Langkah tersebut dinilai sebagai usaha mengatasi ekstremisme dan
menghilangkan pemberontakan yang berlangsung setengah abad. Lampu hijau
itu menjadi puncak dari persetujuan perdamaian, yang diupayakan lama dan
tidak mulus, dengan kelompok yang ingin memisahkan diri.
Selama
itu, pegaris keras terkait dengan ISIS memperluas pengaruh mereka.
Kasus yang paling menonjol adalah upaya pendudukan yang merusak Kota
Marawi pada tahun lalu.
Juru bicara Duterte, Harry Roque
mengatakan kepada wartawan, presiden menandatangani langkah itu untuk
menjadi undang-undang setelah kunjungannya ke Mindanao.
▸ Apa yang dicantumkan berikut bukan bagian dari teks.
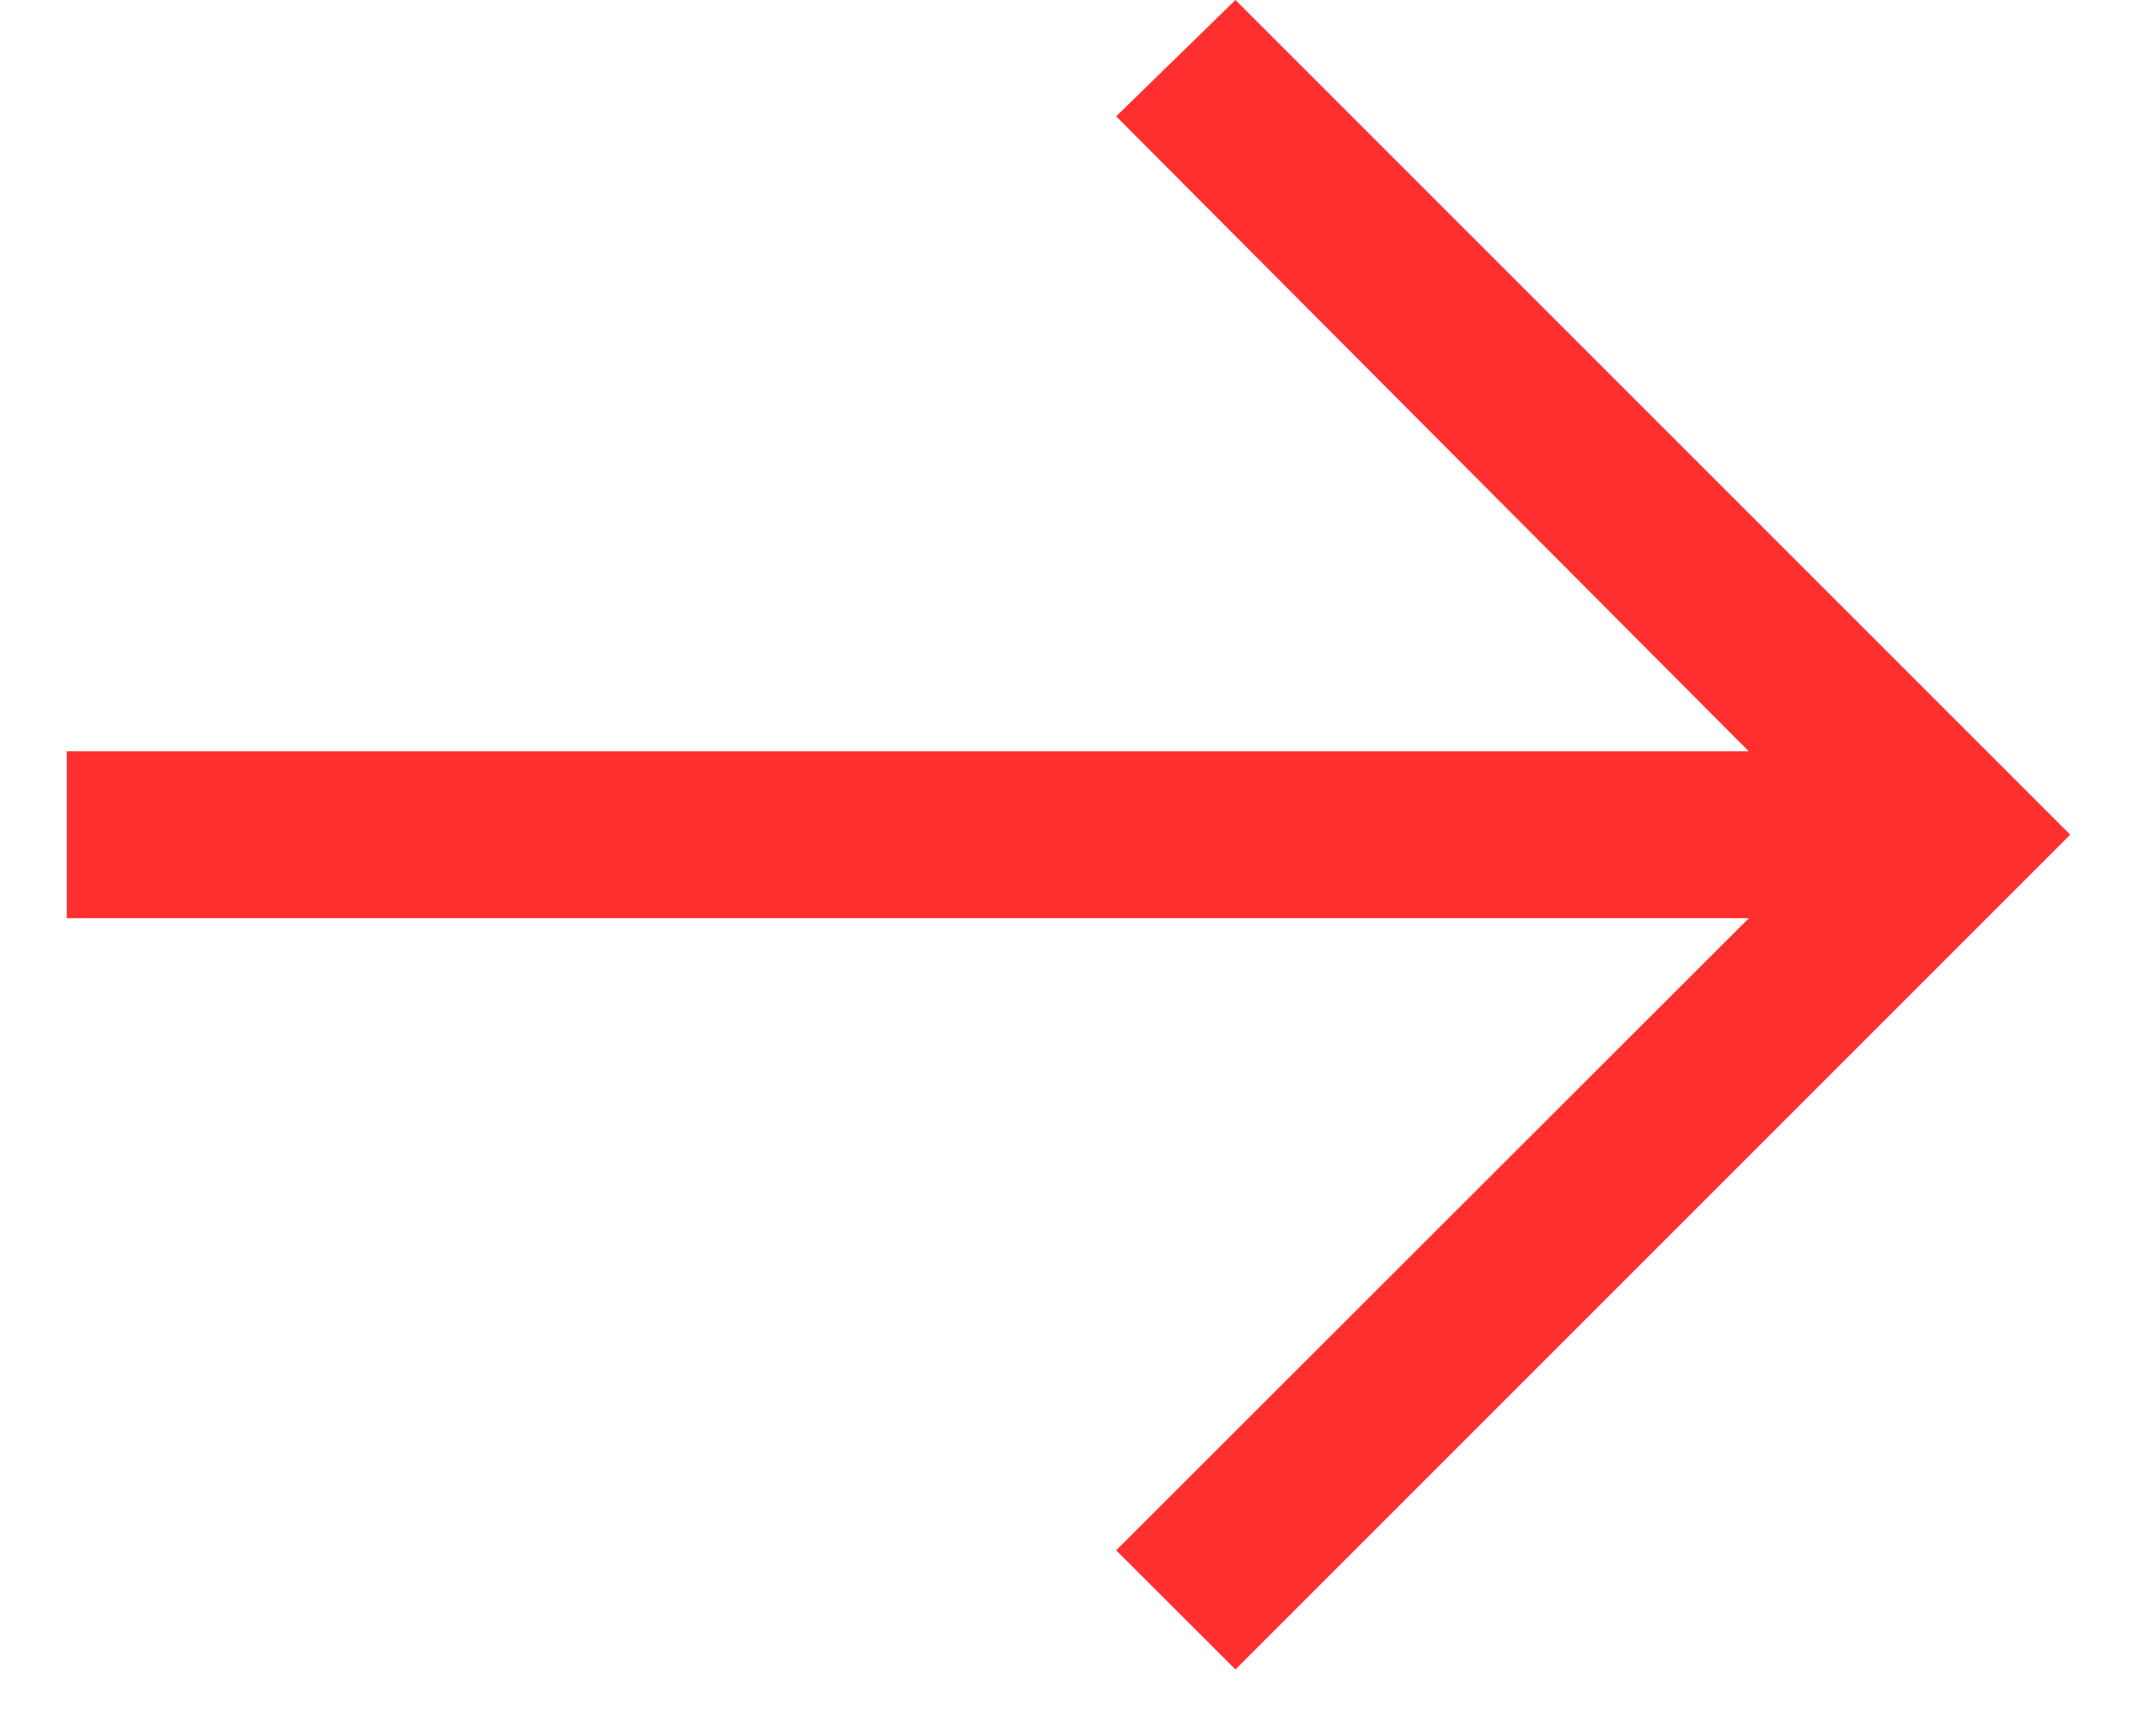 <svg width="16" height="13" viewBox="0 0 16 13" fill="none" xmlns="http://www.w3.org/2000/svg">
<path d="M9.25 0L8.357 0.871L13.093 5.625H0.5V6.875H13.094L8.357 11.608L9.25 12.5L15.5 6.25L9.25 0Z" fill="#FF2F2F"/>
</svg>

Ketua Fron
Pembebasan Islam Moro (MILF) Ebrahim Murad mengatakan ia yakin UU itu
akan membantu membawa kelompok separatis yang memisahkan diri kembali
menempuh jalan politik dan menghapus kemungkinan terjadi kembali insiden
seperti Marawi.
UU Organik Bangsamoro, sebagaimana langkah
itu dikenal, mempunyai dukungan publik luas, membuatnya lebih sulit
bagi para ekstremis asing membentuk aliansi dan meraih dukungan. "Semua
kelompok sempalan merupakan hasil dari frustrasi dengan proses
perdamaian," kata dia.
Ditambahkannya,
kelompok kecil tidak akan lagi menerima unsur-unsur asing dan mereka
tak lagi datang ke Filipina. Kawasan Bangsamoro termasuk bagian
Mindanao, pulau terbesar kedua di Filipina dan serangkaian puluhan
pulau-pulau kecil di kawasan itu yang bagi Barat terkenal karena
perompakan dan aksi kejahatannya.
Sekitar lima juta pemeluk
Islam tinggal di kawasan itu. Di kawasan ini, level pengangguran,
pendapatan, pendidikan dan pembangunan ekonominya paling rendah di
Filipina dengan mayoritas penduduk menganut Katolik.
UU
yang baru itu memberi entitas baru, Kawasan Otonomi Bangsamoro di
Mindanao Muslim, kekuatan politik dan ekonomi yang pemerintah-pemerintah
terdahulu telah janjikan kepada kelompok-kelompok separatis agar
menghentikan konflik. Konflik telah membunuh sekitar 120 ribu orang,
membuat dua juta orang terlantar, dan membantu kelompok radikal Islam
memperoleh pijakan di kawasan itu.
Mindanao masih berada di
bawah UU Darurat Militer hingga akhir tahun ini, untuk mengizinkan
pasukan keamanan menghentikan usaha-usaha untuk bergabung kembali satu
aliansi pro ISIS yang menguasai Marawi selama lima bulan dengan
serangan-serangan darat dan udara. MILF mengutuk ekstremis dan
pejuangnya membantu tentara pemerintah menggagalkan gerakan mereka.